#### EXERCISE DIRECTIONS
Please give back all the records exactly, but keep the pictures out.

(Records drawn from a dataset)
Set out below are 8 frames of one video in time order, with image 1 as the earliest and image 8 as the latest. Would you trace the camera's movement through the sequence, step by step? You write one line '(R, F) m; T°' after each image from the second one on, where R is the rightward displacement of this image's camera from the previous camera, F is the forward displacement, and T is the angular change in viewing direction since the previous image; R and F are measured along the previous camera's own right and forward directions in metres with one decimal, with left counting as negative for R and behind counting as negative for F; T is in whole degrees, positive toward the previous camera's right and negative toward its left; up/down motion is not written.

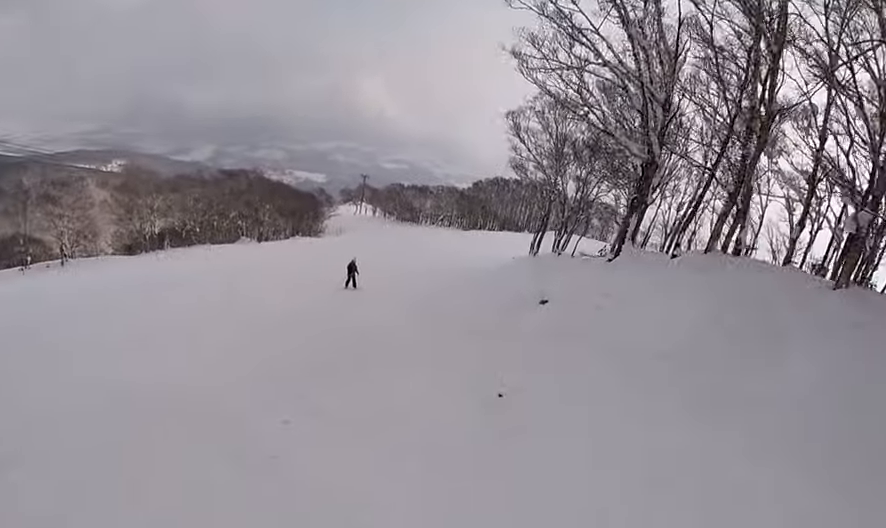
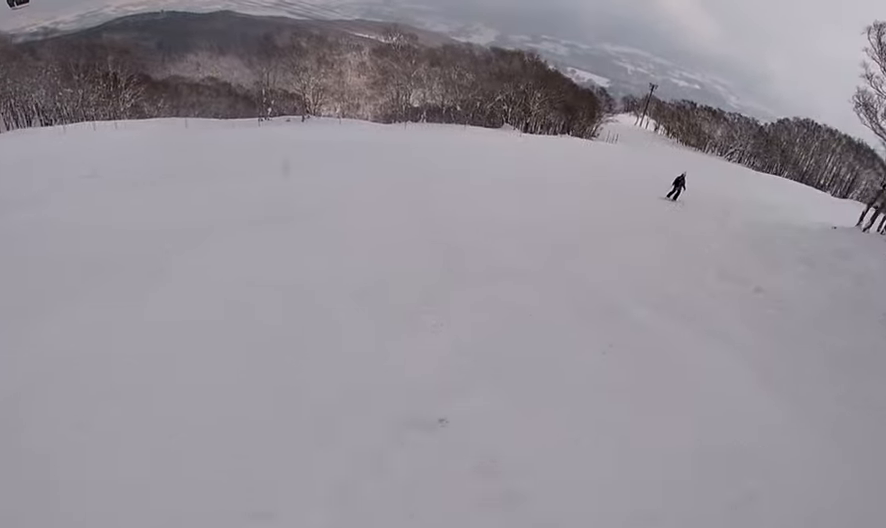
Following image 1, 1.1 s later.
(-0.7, +6.1) m; -18°
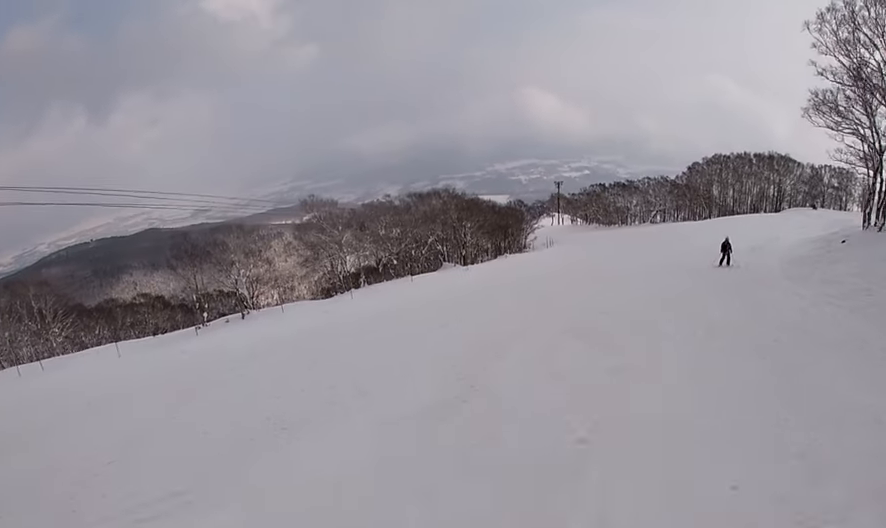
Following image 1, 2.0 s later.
(-1.1, +5.6) m; -8°
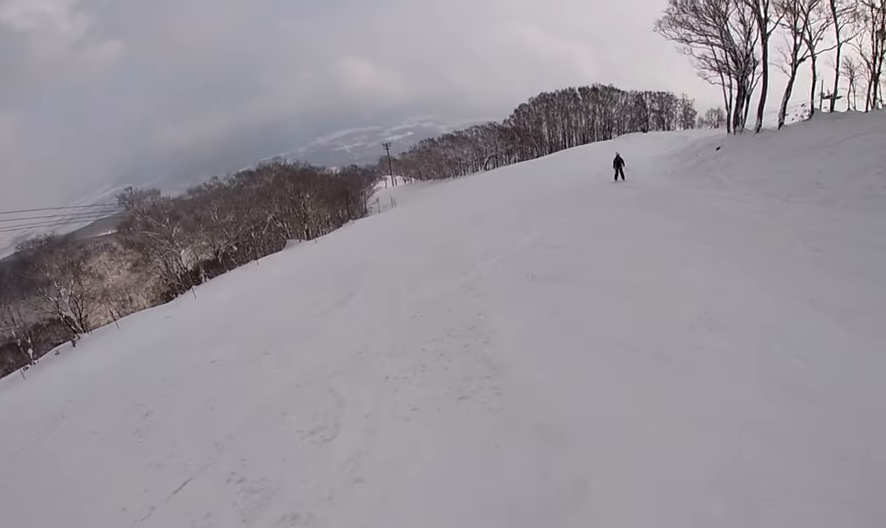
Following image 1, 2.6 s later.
(-0.2, +3.7) m; +9°
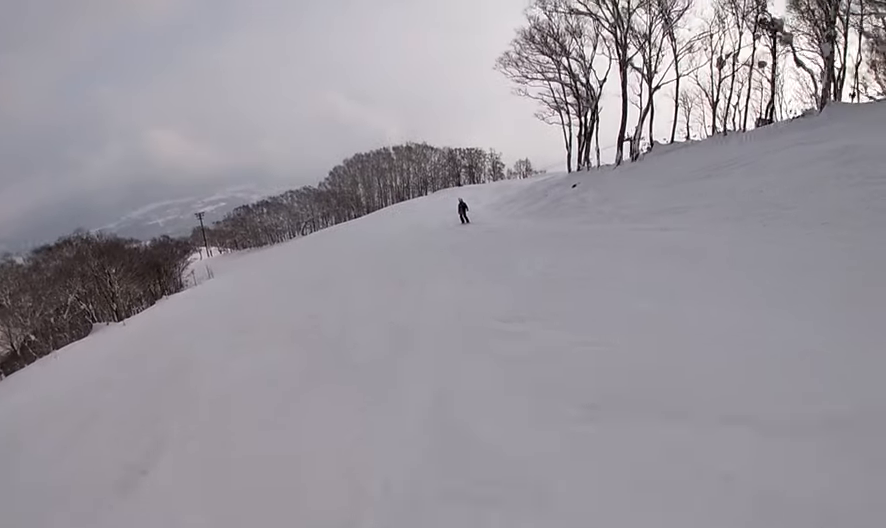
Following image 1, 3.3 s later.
(+0.7, +4.1) m; +17°
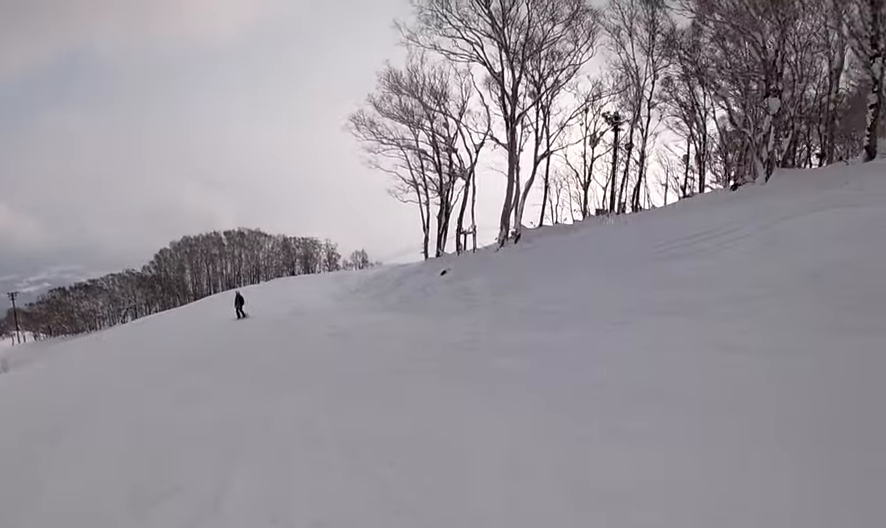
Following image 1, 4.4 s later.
(+1.8, +6.6) m; +19°
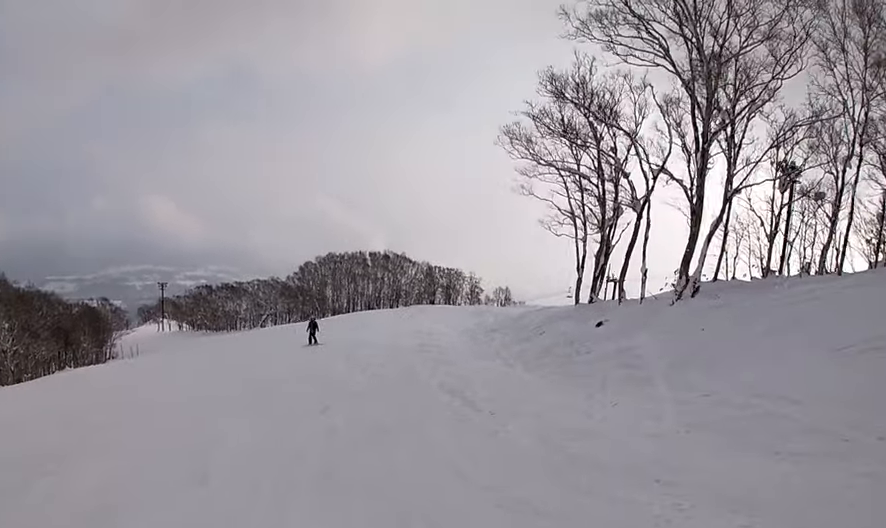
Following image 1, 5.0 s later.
(+0.3, +3.8) m; 0°
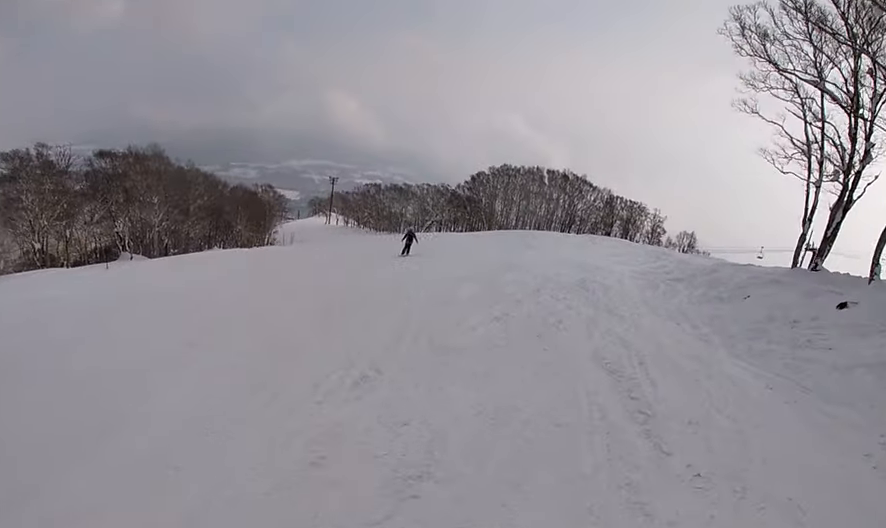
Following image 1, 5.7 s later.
(0.0, +4.3) m; -11°

#### ANSWER BOX
Set out below are 8 frames of one video in time order, with image 1 as the earliest and image 8 as the latest. Would you trace the camera's movement through the sequence, step by step? You write one line '(R, F) m; T°' after each image from the second one on, where R is the rightward displacement of this image's camera from the previous camera, F is the forward displacement, and T is the angular change in viewing direction since the previous image; R and F are measured along the previous camera's own right and forward directions in metres with one decimal, with left counting as negative for R and behind counting as negative for F; T is in whole degrees, positive toward the previous camera's right and negative toward its left; up/down motion is not written.

Following image 1, 1.1 s later.
(-0.7, +6.1) m; -18°
Following image 1, 2.0 s later.
(-1.1, +5.6) m; -8°
Following image 1, 2.6 s later.
(-0.2, +3.7) m; +9°
Following image 1, 3.3 s later.
(+0.7, +4.1) m; +17°
Following image 1, 4.4 s later.
(+1.8, +6.6) m; +19°
Following image 1, 5.0 s later.
(+0.3, +3.8) m; 0°
Following image 1, 5.7 s later.
(0.0, +4.3) m; -11°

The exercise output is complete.